Justiça eleitoral ordena remoção de reportagem com críticas
O TRE-MT determinou a retirada de uma matéria e vídeo onde o governador Otaviano Pivetta faz duras críticas ao candidato Wellington Fagundes durante coletiva.
O TRE-MT determinou a retirada de uma matéria e vídeo onde o governador Otaviano Pivetta faz duras críticas ao candidato Wellington Fagundes durante coletiva.
O juiz auxiliar da propaganda eleitoral do Tribunal Regional Eleitoral de Mato Grosso (TRE-MT), Marcelo Morgado, emitiu uma decisão liminar determinando que um portal de notícias remova do ar uma reportagem e o vídeo de uma entrevista coletiva. O conteúdo em questão trazia declarações do governador Otaviano Pivetta (Republicanos) com críticas diretas ao candidato Wellington Fagundes (PL).
A determinação judicial estabelece um prazo de 24 horas para que o material seja retirado das plataformas digitais. Além disso, o veículo foi proibido de realizar novas publicações ou reproduzir os mesmos fatos até que ocorra uma nova deliberação por parte do Tribunal. Caso a ordem não seja cumprida, foi fixada uma multa diária no valor de R$ 5 mil.
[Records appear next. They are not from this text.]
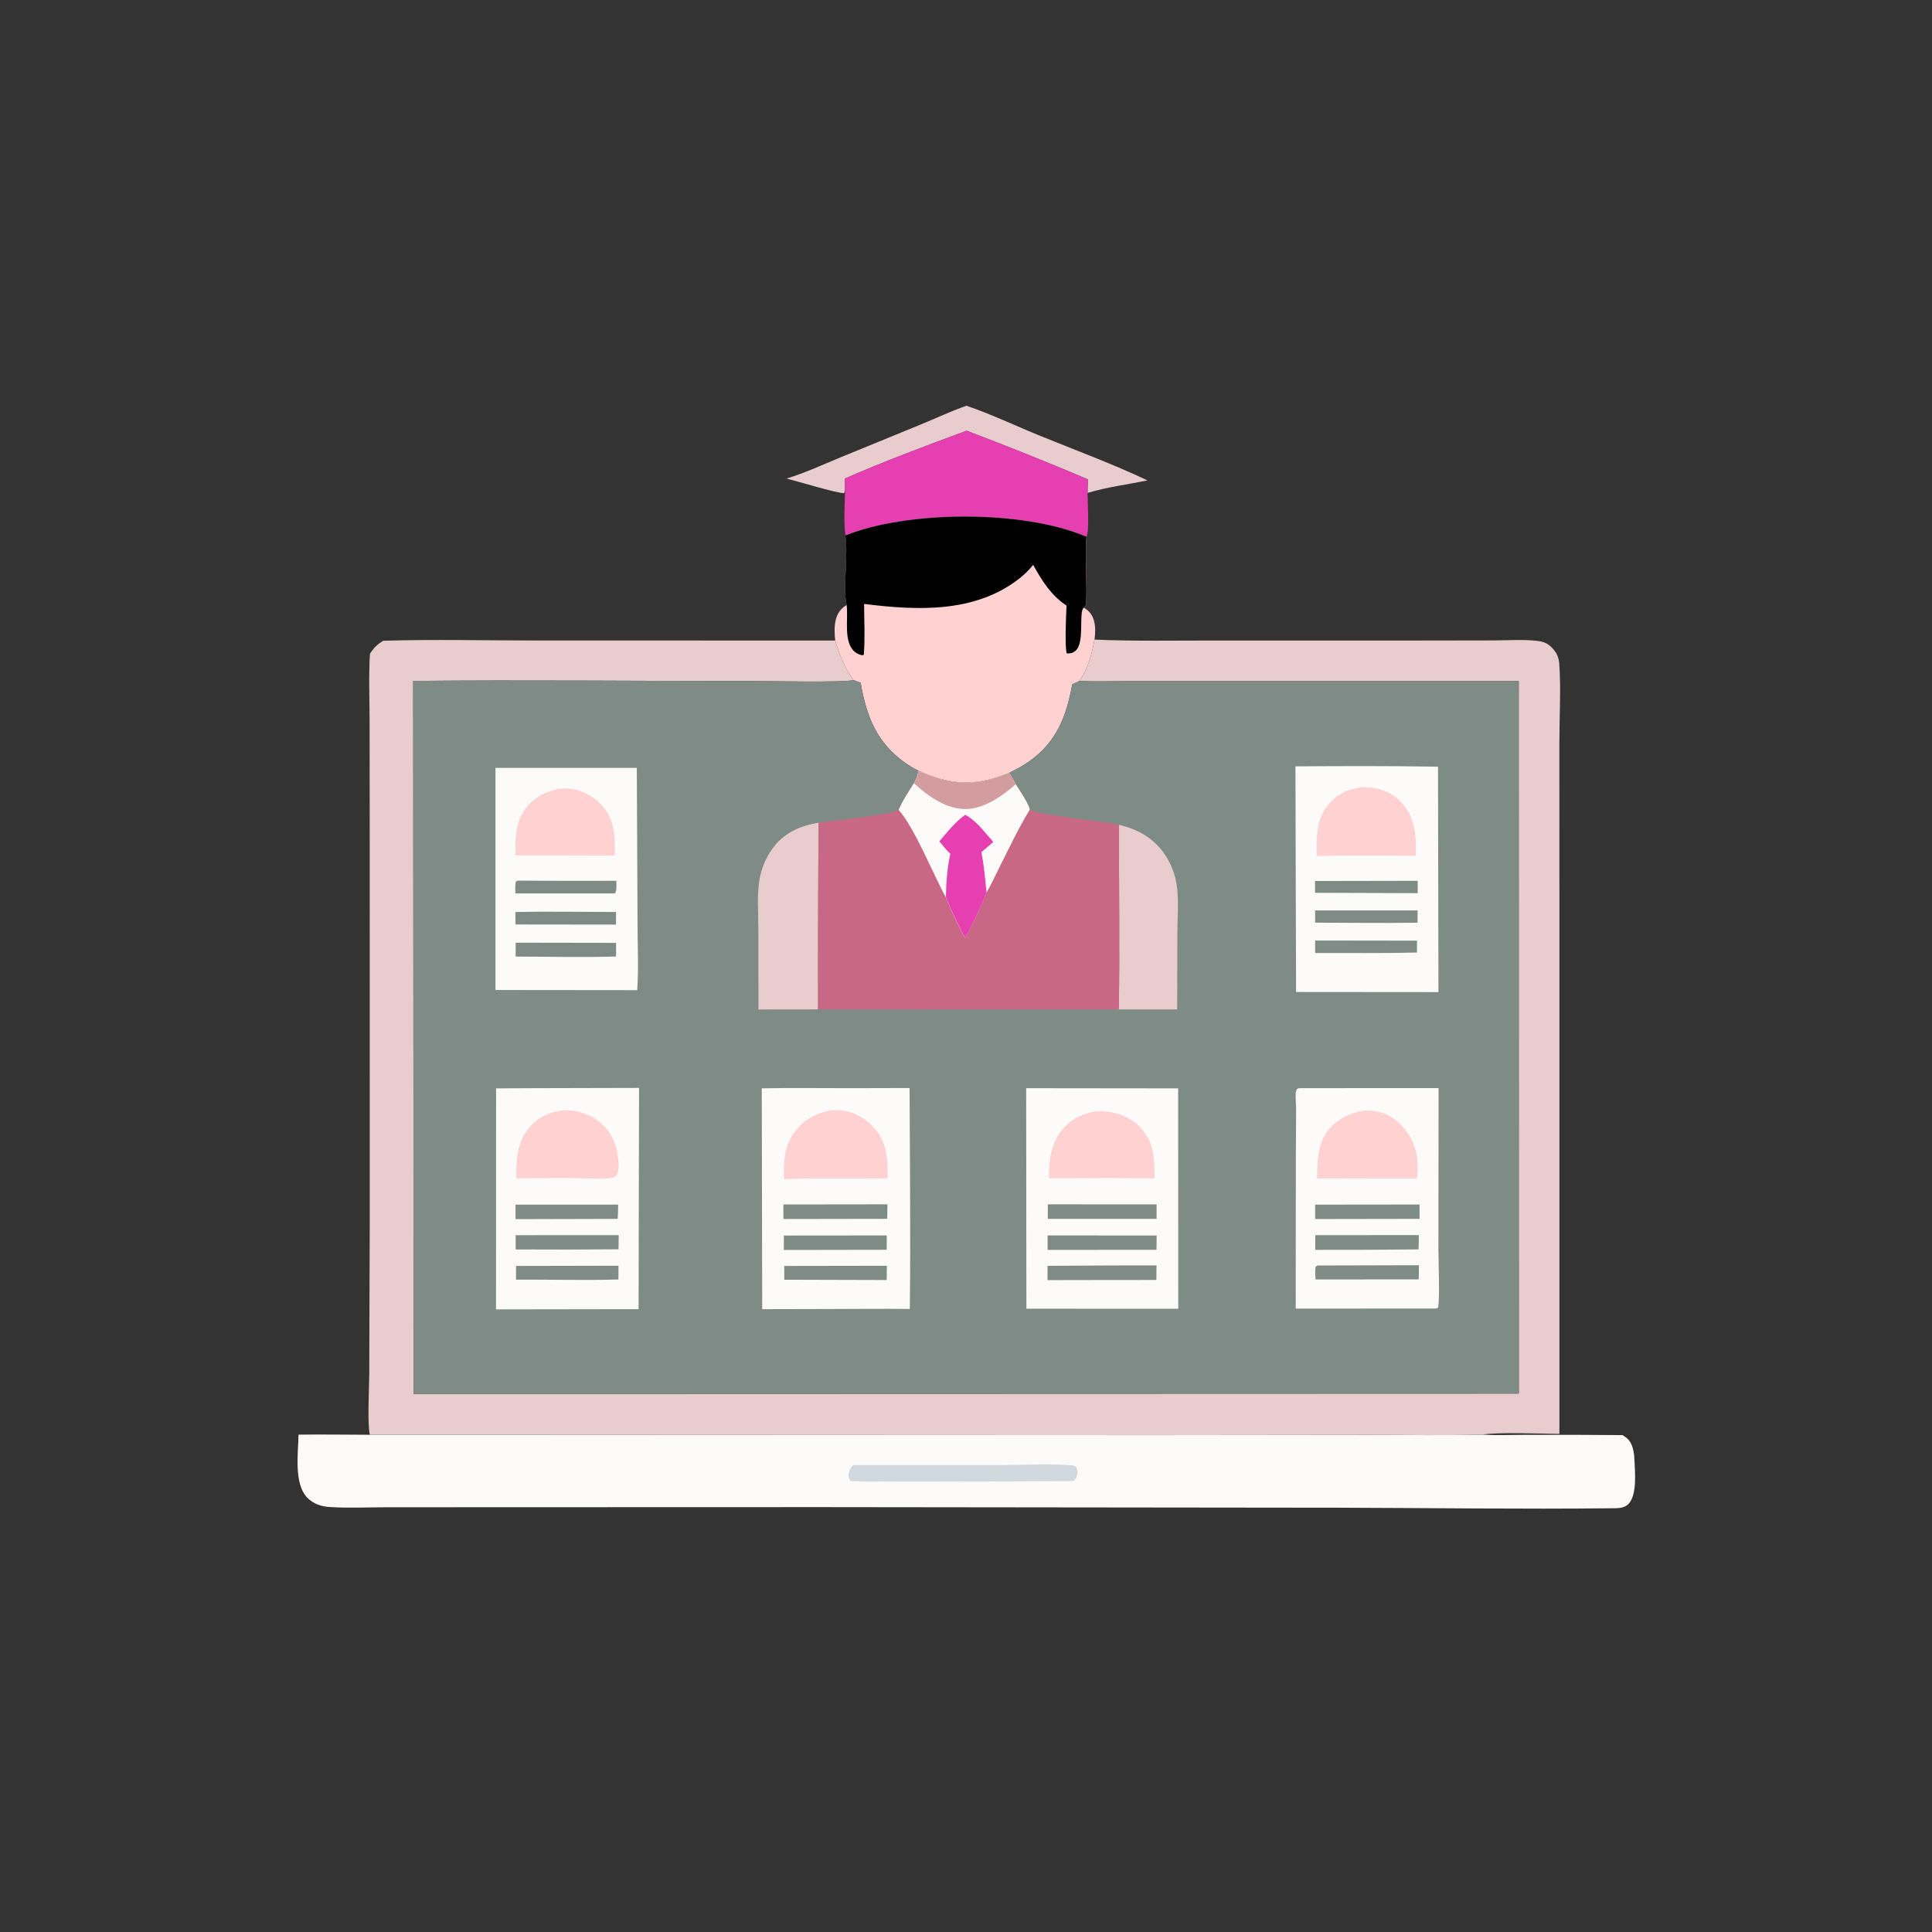 <svg width="80" height="80" viewBox="0 0 80 80" fill="none" xmlns="http://www.w3.org/2000/svg">
<rect x="0" y="0" width="80" height="80" fill="#333333" stroke="none"/>
<g clip-path="url(#clip0_2062_3387)">
<path d="M40.018 16.8C41.049 17.152 42.06 17.636 43.072 18.047C44.548 18.647 46.074 19.21 47.514 19.892C46.696 20.062 45.832 20.169 45.034 20.411L45.044 19.848C43.385 19.144 41.713 18.473 40.027 17.836C38.343 18.454 36.637 19.096 34.991 19.812L34.989 20.309L34.948 20.424C34.566 20.4 33.092 19.948 32.574 19.816C33.335 19.58 34.069 19.243 34.804 18.938L38.104 17.587C38.738 17.326 39.372 17.029 40.018 16.8Z" fill="#E9CDCE"/>
<path d="M40.027 17.836C41.713 18.473 43.385 19.144 45.044 19.848L45.034 20.411C45.035 20.781 45.111 21.967 44.993 22.229L44.956 22.212C42.375 21.115 37.604 21.127 35.006 22.174C34.927 21.578 34.985 20.913 34.989 20.309L34.991 19.812C36.637 19.096 38.343 18.454 40.027 17.836Z" fill="#E63FB1"/>
<path d="M35.007 22.174C37.605 21.127 42.375 21.115 44.957 22.213L44.994 22.229C44.902 22.714 45.058 24.867 44.948 25.093C44.933 25.122 44.902 25.14 44.88 25.164C45.098 25.287 45.233 25.461 45.3 25.704C45.371 25.966 45.352 26.221 45.322 26.486C45.206 27.102 45.059 27.679 44.694 28.201C44.595 28.244 44.497 28.287 44.4 28.334C44.158 29.668 43.746 30.742 42.591 31.545C42.337 31.721 42.065 31.868 41.787 32.004C41.707 32.035 41.627 32.066 41.546 32.097C40.271 32.573 39.271 32.48 38.045 31.922C37.852 31.829 37.661 31.715 37.486 31.592C36.297 30.756 35.876 29.647 35.636 28.267C35.537 28.233 35.438 28.197 35.34 28.161C34.983 27.686 34.749 27.09 34.584 26.524C34.554 26.246 34.539 25.941 34.606 25.669C34.674 25.392 34.817 25.197 35.059 25.051C34.894 24.359 35.132 22.986 35.007 22.174Z" fill="#FFD1D1"/>
<path d="M35.004 22.174C37.602 21.127 42.373 21.115 44.955 22.213L44.992 22.229C44.9 22.714 45.056 24.867 44.945 25.093C44.931 25.122 44.9 25.14 44.877 25.164C44.649 25.329 44.933 26.597 44.537 26.945C44.424 27.045 44.321 27.061 44.175 27.058C44.081 26.82 44.146 25.399 44.164 25.076C43.531 24.662 43.138 24.041 42.782 23.39C42.607 23.604 42.42 23.79 42.201 23.961C40.358 25.397 37.965 25.28 35.78 25.007C35.784 25.7 35.822 26.413 35.769 27.104L35.723 27.135C35.601 27.116 35.484 27.068 35.389 26.986C34.919 26.581 35.126 25.643 35.061 25.087C35.06 25.075 35.058 25.063 35.057 25.051C34.892 24.359 35.13 22.986 35.004 22.174Z" fill="black"/>
<path d="M12.361 59.406C13.344 59.392 14.329 59.409 15.313 59.411L47.84 59.426L56.667 59.416C58.238 59.415 59.814 59.445 61.384 59.407C61.985 59.438 62.6 59.413 63.202 59.413C64.53 59.409 65.858 59.412 67.186 59.425C67.257 59.468 67.329 59.515 67.39 59.572C67.606 59.775 67.663 60.131 67.676 60.413C67.698 60.915 67.802 61.899 67.428 62.279C67.246 62.464 66.972 62.452 66.731 62.454C62.977 62.496 59.217 62.441 55.463 62.431L34.001 62.407L20.399 62.411L15.977 62.413C15.216 62.413 14.43 62.452 13.671 62.404C13.31 62.382 12.985 62.283 12.725 62.017C12.158 61.435 12.349 60.164 12.361 59.406Z" fill="#FCFBFA"/>
<path d="M35.323 60.666L41.417 60.665C42.385 60.665 43.404 60.6 44.366 60.672C44.477 60.68 44.493 60.69 44.576 60.759C44.609 60.845 44.624 60.903 44.614 60.995C44.599 61.133 44.56 61.241 44.448 61.329C43.68 61.33 35.301 61.387 35.23 61.322C35.155 61.252 35.139 61.176 35.141 61.076C35.143 60.909 35.211 60.784 35.323 60.666Z" fill="#D1D9DE"/>
<path d="M45.322 26.485C46.964 26.555 48.619 26.521 50.262 26.523L58.69 26.523L61.874 26.518C62.455 26.516 63.072 26.471 63.647 26.537C63.933 26.57 64.104 26.642 64.301 26.861C64.473 27.053 64.55 27.248 64.568 27.504C64.639 28.513 64.569 29.779 64.569 30.82L64.572 37.739L64.572 59.376C63.916 59.366 61.931 59.292 61.386 59.407C59.817 59.445 58.24 59.415 56.67 59.416L47.843 59.426L15.315 59.411C15.204 58.998 15.288 57.423 15.29 56.901L15.31 50.599L15.309 34.641L15.304 29.821C15.302 28.91 15.262 27.984 15.318 27.075C15.472 26.828 15.621 26.683 15.87 26.532C17.972 26.469 20.093 26.522 22.197 26.521L34.585 26.524C34.75 27.09 34.984 27.685 35.34 28.161C35.017 28.269 31.718 28.201 31.15 28.201C26.471 28.202 21.789 28.15 17.11 28.196L17.127 57.72L62.891 57.705L62.887 28.204L50.603 28.204L46.766 28.204C46.078 28.205 45.381 28.23 44.695 28.2C45.059 27.679 45.206 27.102 45.322 26.485Z" fill="#E9CDCE"/>
<path d="M35.34 28.161C35.438 28.197 35.537 28.232 35.636 28.267C35.875 29.647 36.297 30.756 37.485 31.592C37.66 31.715 37.851 31.829 38.044 31.922C39.271 32.48 40.271 32.573 41.545 32.096C41.626 32.066 41.706 32.035 41.786 32.003C42.064 31.868 42.336 31.721 42.591 31.544C43.745 30.742 44.158 29.668 44.399 28.334C44.496 28.287 44.594 28.243 44.694 28.2C45.38 28.23 46.077 28.205 46.765 28.204L50.602 28.204L62.886 28.204L62.89 57.705L17.125 57.72L17.109 28.196C21.788 28.15 26.47 28.202 31.149 28.201C31.717 28.201 35.016 28.269 35.34 28.161Z" fill="#7E8B87"/>
<path d="M46.336 34.157C47.136 34.333 47.819 34.737 48.268 35.434C48.325 35.523 48.377 35.614 48.425 35.709C48.472 35.803 48.515 35.899 48.553 35.997C48.591 36.096 48.623 36.196 48.651 36.297C48.678 36.399 48.701 36.502 48.718 36.606C48.82 37.237 48.756 37.946 48.752 38.586L48.745 41.798L46.324 41.798C46.374 39.253 46.324 36.702 46.336 34.157Z" fill="#E9CDCE"/>
<path d="M31.406 41.8L31.402 38.464C31.401 37.785 31.334 37.038 31.457 36.371C31.477 36.265 31.503 36.16 31.534 36.056C31.565 35.952 31.601 35.85 31.643 35.751C31.685 35.651 31.732 35.553 31.784 35.458C31.836 35.364 31.893 35.272 31.955 35.183C32.438 34.492 33.09 34.206 33.898 34.064C33.876 36.642 33.868 39.22 33.873 41.797L31.406 41.8Z" fill="#E9CDCE"/>
<path d="M53.884 45.058L59.568 45.055L59.562 51.782C59.562 52.2 59.626 53.832 59.546 54.152L59.461 54.184L53.653 54.187L53.659 47.756L53.67 45.931C53.67 45.716 53.638 45.494 53.652 45.281C53.657 45.215 53.666 45.157 53.705 45.102C53.74 45.05 53.826 45.064 53.884 45.058Z" fill="#FCFBFA"/>
<path d="M54.554 52.402L58.755 52.391C58.755 52.586 58.751 52.781 58.744 52.976L54.474 52.98C54.462 52.799 54.451 52.63 54.477 52.45L54.554 52.402Z" fill="#7E8B87"/>
<path d="M54.457 49.882L58.783 49.877L58.779 50.47L54.458 50.477L54.457 49.882Z" fill="#7E8B87"/>
<path d="M54.462 51.144L58.75 51.143C58.753 51.341 58.747 51.537 58.739 51.735C57.313 51.75 55.887 51.757 54.461 51.754L54.462 51.144Z" fill="#7E8B87"/>
<path d="M56.504 45.985C56.622 45.977 56.729 45.98 56.847 45.994C57.411 46.064 57.873 46.36 58.212 46.809C58.666 47.409 58.767 48.072 58.67 48.801L56.883 48.8C56.1 48.795 55.318 48.795 54.535 48.799C54.549 48.111 54.541 47.439 54.961 46.852C55.333 46.331 55.893 46.088 56.504 45.985Z" fill="#FFD1D1"/>
<path d="M20.516 31.796L26.369 31.795L26.399 38.196C26.398 39.123 26.45 40.077 26.386 41L20.516 40.994L20.516 31.796Z" fill="#FCFBFA"/>
<path d="M21.34 37.764C22.727 37.736 24.121 37.763 25.509 37.763L25.508 38.286L21.346 38.281L21.34 37.764Z" fill="#7E8B87"/>
<path d="M21.422 36.464C22.789 36.475 24.155 36.478 25.522 36.472C25.522 36.635 25.551 36.858 25.464 36.994H21.341C21.334 36.829 21.33 36.676 21.353 36.512L21.422 36.464Z" fill="#7E8B87"/>
<path d="M21.352 39.035L25.512 39.042L25.508 39.606C24.127 39.65 22.734 39.612 21.352 39.609L21.352 39.035Z" fill="#7E8B87"/>
<path d="M23.145 32.662C23.246 32.656 23.347 32.652 23.448 32.651C23.976 32.651 24.503 32.917 24.866 33.289C25.47 33.909 25.467 34.624 25.459 35.426L23.729 35.421L21.339 35.419C21.325 34.764 21.337 34.11 21.716 33.545C22.057 33.038 22.564 32.782 23.145 32.662Z" fill="#FFD1D1"/>
<path d="M21.995 45.059L26.462 45.048L26.442 54.211L25.02 54.211L20.539 54.218L20.541 45.067L21.995 45.059Z" fill="#FCFBFA"/>
<path d="M21.367 52.42L25.61 52.411L25.608 52.98C24.199 53.022 22.778 52.981 21.367 52.987L21.367 52.42Z" fill="#7E8B87"/>
<path d="M21.348 49.882L25.595 49.882C25.596 50.08 25.593 50.273 25.575 50.471L21.348 50.482L21.348 49.882Z" fill="#7E8B87"/>
<path d="M21.352 51.146L25.619 51.144L25.612 51.731C24.192 51.743 22.772 51.745 21.352 51.737L21.352 51.146Z" fill="#7E8B87"/>
<path d="M23.204 45.986C23.815 45.932 24.404 46.097 24.873 46.499C25.369 46.924 25.568 47.475 25.608 48.107C25.62 48.305 25.633 48.566 25.482 48.718C25.33 48.871 24.076 48.783 23.809 48.781L21.38 48.788C21.374 48.104 21.389 47.442 21.788 46.858C22.137 46.349 22.61 46.097 23.204 45.986Z" fill="#FFD1D1"/>
<path d="M53.641 31.733C55.606 31.72 57.581 31.712 59.545 31.747L59.563 41.081L53.668 41.076L53.641 31.733Z" fill="#FCFBFA"/>
<path d="M54.453 36.481L58.705 36.473L58.705 36.983L54.453 36.969L54.453 36.481Z" fill="#7E8B87"/>
<path d="M54.457 38.945L58.675 38.951V39.443C57.272 39.477 55.862 39.457 54.458 39.463L54.457 38.945Z" fill="#7E8B87"/>
<path d="M54.457 37.698L58.7 37.698L58.696 38.208C57.284 38.227 55.87 38.207 54.458 38.205L54.457 37.698Z" fill="#7E8B87"/>
<path d="M56.428 32.591C56.431 32.591 56.433 32.591 56.436 32.591C57.031 32.606 57.558 32.739 57.987 33.185C58.611 33.834 58.651 34.584 58.618 35.436L56.818 35.432C56.053 35.43 55.288 35.433 54.523 35.442C54.514 34.661 54.483 33.937 55.019 33.293C55.383 32.856 55.876 32.651 56.428 32.591Z" fill="#FFD1D1"/>
<path d="M35.221 45.059L37.664 45.053C37.673 48.101 37.712 51.153 37.673 54.201C36.513 54.189 35.351 54.202 34.19 54.204L31.561 54.21L31.543 45.065C32.768 45.042 33.996 45.06 35.221 45.059Z" fill="#FCFBFA"/>
<path d="M32.473 52.42L36.724 52.413L36.716 53.003L32.476 52.991L32.473 52.42Z" fill="#7E8B87"/>
<path d="M32.458 51.161L36.719 51.157L36.717 51.751L32.457 51.758L32.458 51.161Z" fill="#7E8B87"/>
<path d="M32.438 49.874L36.746 49.869L36.739 50.469L32.44 50.476L32.438 49.874Z" fill="#7E8B87"/>
<path d="M34.345 45.981C34.453 45.971 34.561 45.965 34.67 45.967C35.228 45.977 35.747 46.236 36.132 46.631C36.739 47.253 36.766 47.98 36.754 48.794C36.136 48.803 35.518 48.798 34.901 48.799C34.088 48.8 33.273 48.79 32.46 48.824C32.449 48.163 32.451 47.581 32.815 47.002C33.176 46.43 33.704 46.131 34.345 45.981Z" fill="#FFD1D1"/>
<path d="M42.492 45.06L48.785 45.067L48.789 54.194L42.5 54.191L42.492 45.06Z" fill="#FCFBFA"/>
<path d="M43.38 51.157L47.894 51.16L47.888 51.752L43.379 51.755L43.38 51.157Z" fill="#7E8B87"/>
<path d="M45.74 52.402C46.456 52.394 47.172 52.4 47.888 52.4L47.883 53.001L45.528 53.003L43.375 53.007L43.377 52.415L45.74 52.402Z" fill="#7E8B87"/>
<path d="M43.387 49.869L47.892 49.872L47.89 50.47L43.388 50.471L43.387 49.869Z" fill="#7E8B87"/>
<path d="M45.322 46.024C45.387 46.02 45.452 46.018 45.517 46.017C46.123 46.007 46.74 46.201 47.173 46.639C47.788 47.26 47.812 47.972 47.805 48.789L45.997 48.783L43.434 48.788C43.437 48.121 43.489 47.491 43.875 46.922C44.227 46.403 44.728 46.149 45.322 46.024Z" fill="#FFD1D1"/>
<path d="M38.045 31.922C39.271 32.48 40.272 32.573 41.546 32.097C41.627 32.066 41.707 32.035 41.787 32.004C41.88 32.155 41.987 32.308 42.059 32.471C42.186 32.672 42.635 33.327 42.642 33.532C42.995 33.75 45.707 34.008 46.339 34.157C46.326 36.703 46.377 39.254 46.327 41.798L33.873 41.797C33.867 39.22 33.876 36.642 33.897 34.064C34.488 33.977 36.831 33.756 37.214 33.535C37.375 33.157 37.622 32.782 37.843 32.436C37.945 32.281 37.989 32.098 38.045 31.922Z" fill="#C96886"/>
<path d="M38.042 31.922C39.269 32.48 40.269 32.573 41.543 32.097C41.624 32.066 41.704 32.035 41.784 32.004C41.877 32.155 41.984 32.308 42.056 32.471C42.183 32.672 42.633 33.327 42.639 33.532C42.159 34.311 41.761 35.169 41.348 35.986C41.187 36.304 41.036 36.652 40.846 36.953C40.595 37.58 40.296 38.249 39.954 38.831C39.665 38.286 39.402 37.728 39.165 37.159C38.648 36.213 37.864 34.265 37.211 33.535C37.372 33.157 37.619 32.782 37.841 32.436C37.942 32.281 37.986 32.098 38.042 31.922Z" fill="#FCFBFA"/>
<path d="M38.045 31.922C39.272 32.48 40.272 32.573 41.547 32.097C41.627 32.066 41.708 32.035 41.788 32.004C41.88 32.155 41.987 32.308 42.059 32.471C41.547 32.938 40.796 33.453 40.083 33.497C39.225 33.549 38.445 32.981 37.844 32.436C37.945 32.281 37.99 32.098 38.045 31.922Z" fill="#D39D9F"/>
<path d="M39.97 33.739L40.037 33.778C40.461 34.025 40.805 34.501 41.131 34.864L40.64 35.285C40.743 35.828 40.795 36.401 40.85 36.953C40.599 37.58 40.3 38.248 39.958 38.831C39.669 38.286 39.406 37.728 39.169 37.159C39.177 36.546 39.219 35.956 39.351 35.356C39.185 35.192 39.04 35.021 38.895 34.839C39.225 34.458 39.553 34.027 39.97 33.739Z" fill="#E63FB1"/>
</g>
<defs>
<clipPath id="clip0_2062_3387">
<rect width="80" height="80" fill="white"/>
</clipPath>
</defs>
</svg>

A medida foi tomada após a coligação de Wellington Fagundes ingressar com uma representação na Justiça Eleitoral. O conteúdo contestado, intitulado originalmente como “Pivetta cita delação de Silval; WF é negociador voraz de emenda”, trazia falas proferidas pelo governador durante uma entrevista concedida no dia 15 de agosto, acompanhadas do vídeo integral da ocasião.
Na ação, a defesa de Fagundes argumentou que Pivetta teria excedido os limites da crítica política ao associar o candidato a termos como “roubalheira” e “cena do crime”. Além disso, o governador teria afirmado que o adversário realizou “negócio na política a vida toda” e o classificou como um “negociador de emenda voraz”.
Ao conceder a liminar, o magistrado Marcelo Morgado avaliou que as expressões utilizadas ultrapassaram o direito à livre crítica política. Segundo o juiz, o uso de termos como “cena do crime” e “roubalheira”, dentro do contexto apresentado, induz o leitor a acreditar no envolvimento pessoal do candidato em práticas ilícitas.
O magistrado também destacou a existência de elementos eleitorais nas falas, uma vez que foram proferidas por um candidato ao governo na véspera do início oficial da propaganda eleitoral, sendo direcionadas nominalmente a um oponente e com menções diretas ao pleito.
Embora a representação tenha focado inicialmente nas falas de Pivetta, a coligação incluiu o veículo de comunicação no polo passivo da ação após determinação judicial. A acusação atribuiu ao portal a responsabilidade pela edição, escolha da manchete, incorporação do vídeo e manutenção da reportagem no ar.
Em sua decisão, o juiz diferenciou a atuação do site de uma plataforma de hospedagem de conteúdo de terceiros. Para Morgado, o portal exerceu atividade editorial ao selecionar as declarações, redigir a matéria e definir o título, o que, nesta fase preliminar, justifica a obrigação de remover o material.
O magistrado ressaltou que, embora a liberdade de expressão e o direito à informação sejam pilares fundamentais do regime democrático, especialmente durante o período eleitoral, tais direitos não são absolutos e a legislação permite a intervenção judicial quando necessário.
Vale ressaltar que a decisão é de natureza liminar e não constitui um julgamento definitivo sobre a ocorrência de ilícito eleitoral. Tanto o governador Otaviano Pivetta quanto o veículo de comunicação possuem um prazo legal de dois dias para apresentarem suas defesas. Após esse trâmite, o processo será encaminhado à Procuradoria Regional Eleitoral para a emissão de um parecer.